* ABOUT THIS TASK: For the entries that follow, retype exactly the lines from the one containing "A webcam films" to the one containing "3.5 to 4.0 s: Pointing with two fingers.", inclusive, and only those. Images stay out of the copy.

╭─ SUPPLIED RECORDS

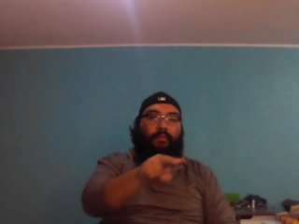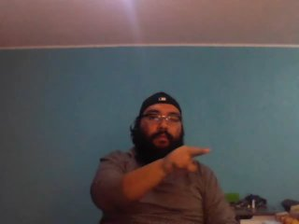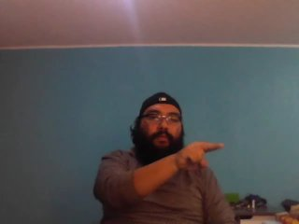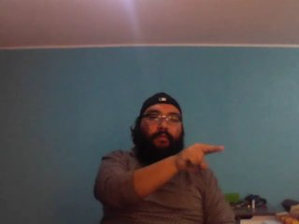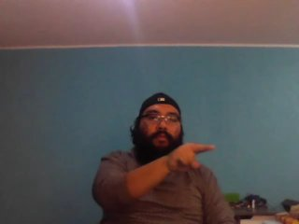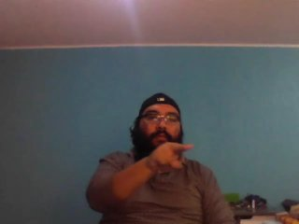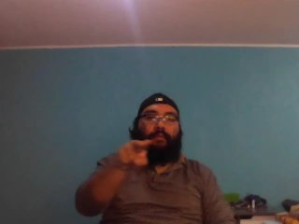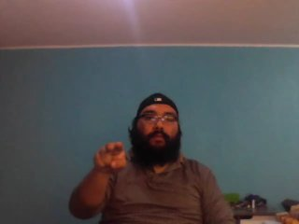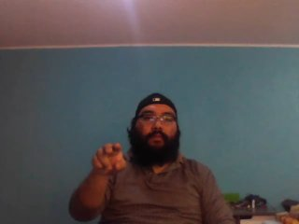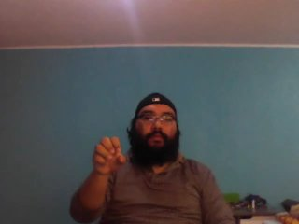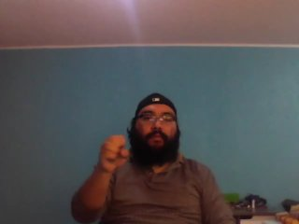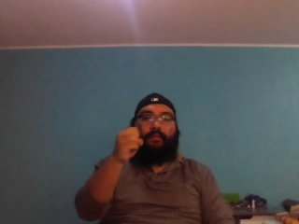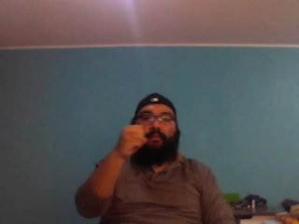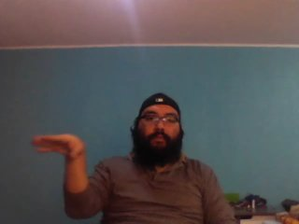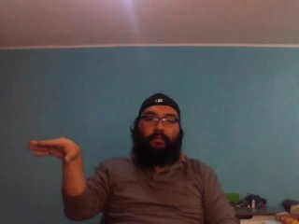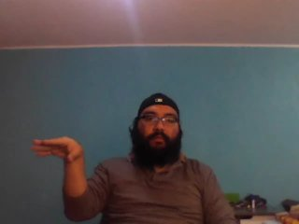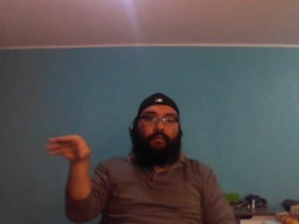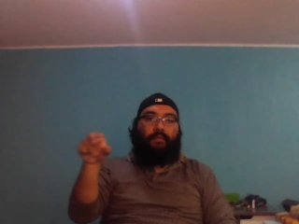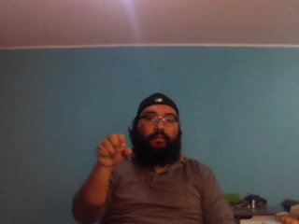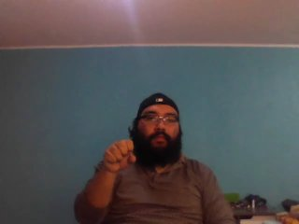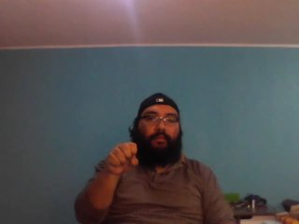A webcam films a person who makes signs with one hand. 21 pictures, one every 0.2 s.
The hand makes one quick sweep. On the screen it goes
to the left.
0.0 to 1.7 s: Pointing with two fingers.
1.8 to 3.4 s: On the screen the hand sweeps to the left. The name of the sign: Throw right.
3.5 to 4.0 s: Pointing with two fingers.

╰─
╭─ SUPPLIED RECORDS

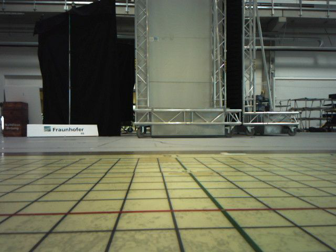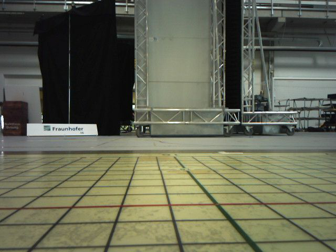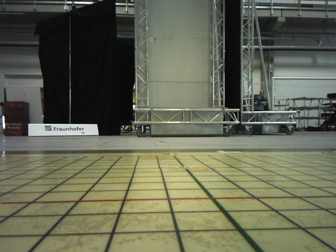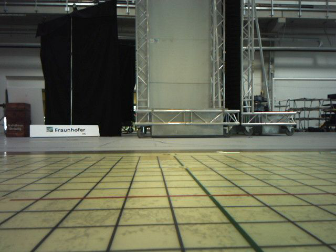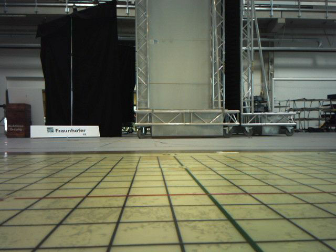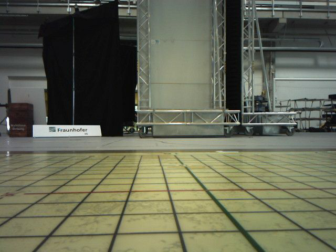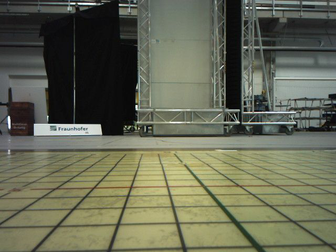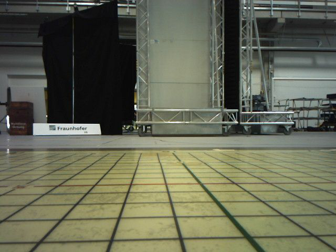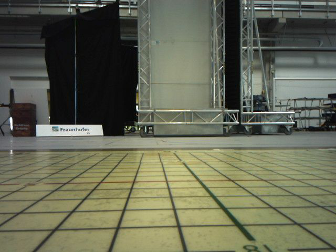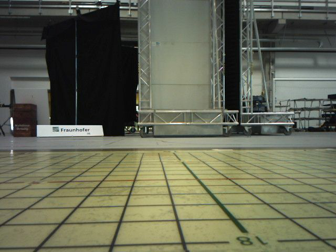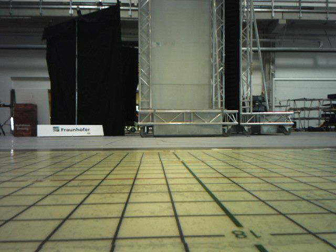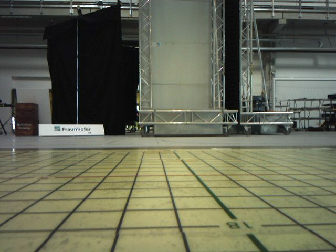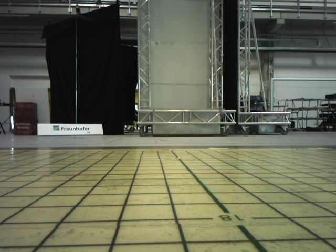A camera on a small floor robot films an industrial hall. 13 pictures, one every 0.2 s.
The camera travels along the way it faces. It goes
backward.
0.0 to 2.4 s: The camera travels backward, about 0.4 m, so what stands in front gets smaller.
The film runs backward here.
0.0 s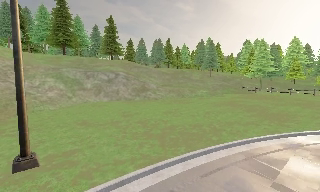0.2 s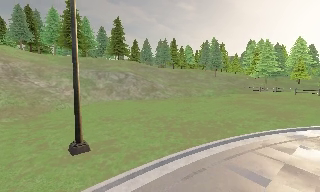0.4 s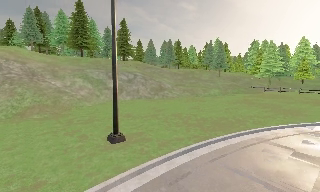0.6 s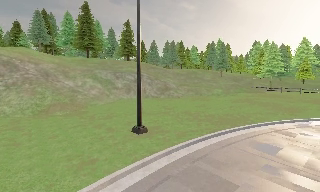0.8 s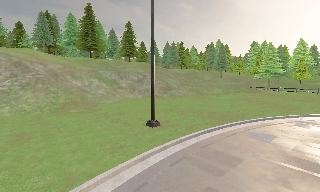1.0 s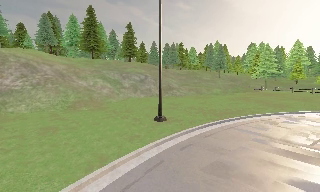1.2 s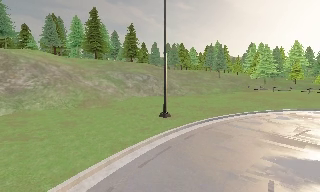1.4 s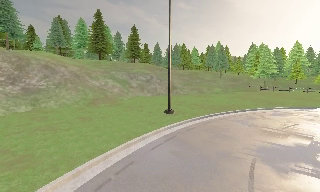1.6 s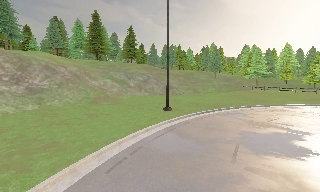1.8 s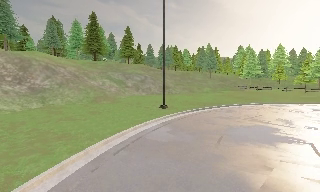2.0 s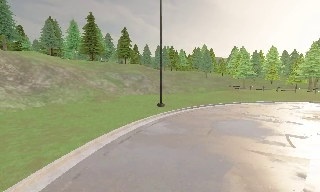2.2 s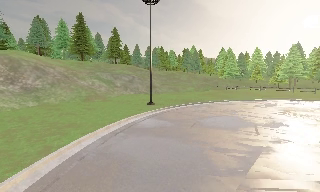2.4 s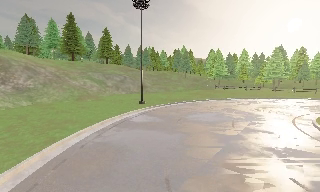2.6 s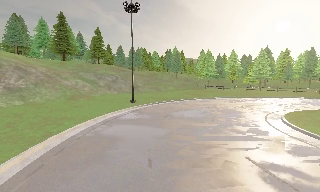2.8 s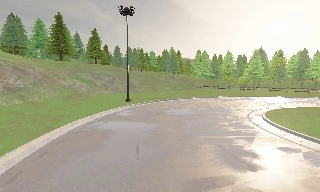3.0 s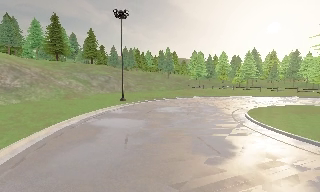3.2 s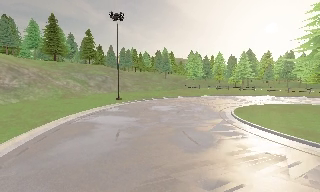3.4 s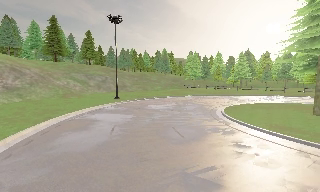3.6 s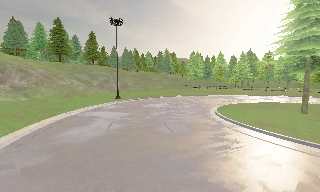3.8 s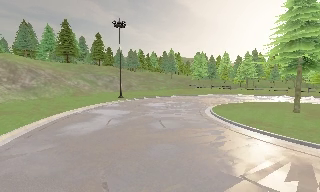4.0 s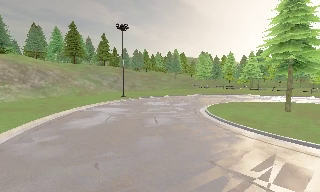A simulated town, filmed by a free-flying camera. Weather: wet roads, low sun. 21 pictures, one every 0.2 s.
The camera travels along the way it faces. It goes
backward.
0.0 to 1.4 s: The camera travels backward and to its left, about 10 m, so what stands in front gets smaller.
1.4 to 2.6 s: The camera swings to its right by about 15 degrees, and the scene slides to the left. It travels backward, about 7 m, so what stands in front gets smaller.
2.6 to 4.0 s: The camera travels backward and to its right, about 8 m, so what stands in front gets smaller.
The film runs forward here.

╰─

* SOLUTION FOR THIS PROBLEM:
A webcam films a person who makes signs with one hand. 21 pictures, one every 0.2 s.
The hand makes one quick sweep. On the screen it goes
to the left.
0.0 to 1.7 s: Pointing with two fingers.
1.8 to 3.4 s: On the screen the hand sweeps to the left. The name of the sign: Throw right.
3.5 to 4.0 s: Pointing with two fingers.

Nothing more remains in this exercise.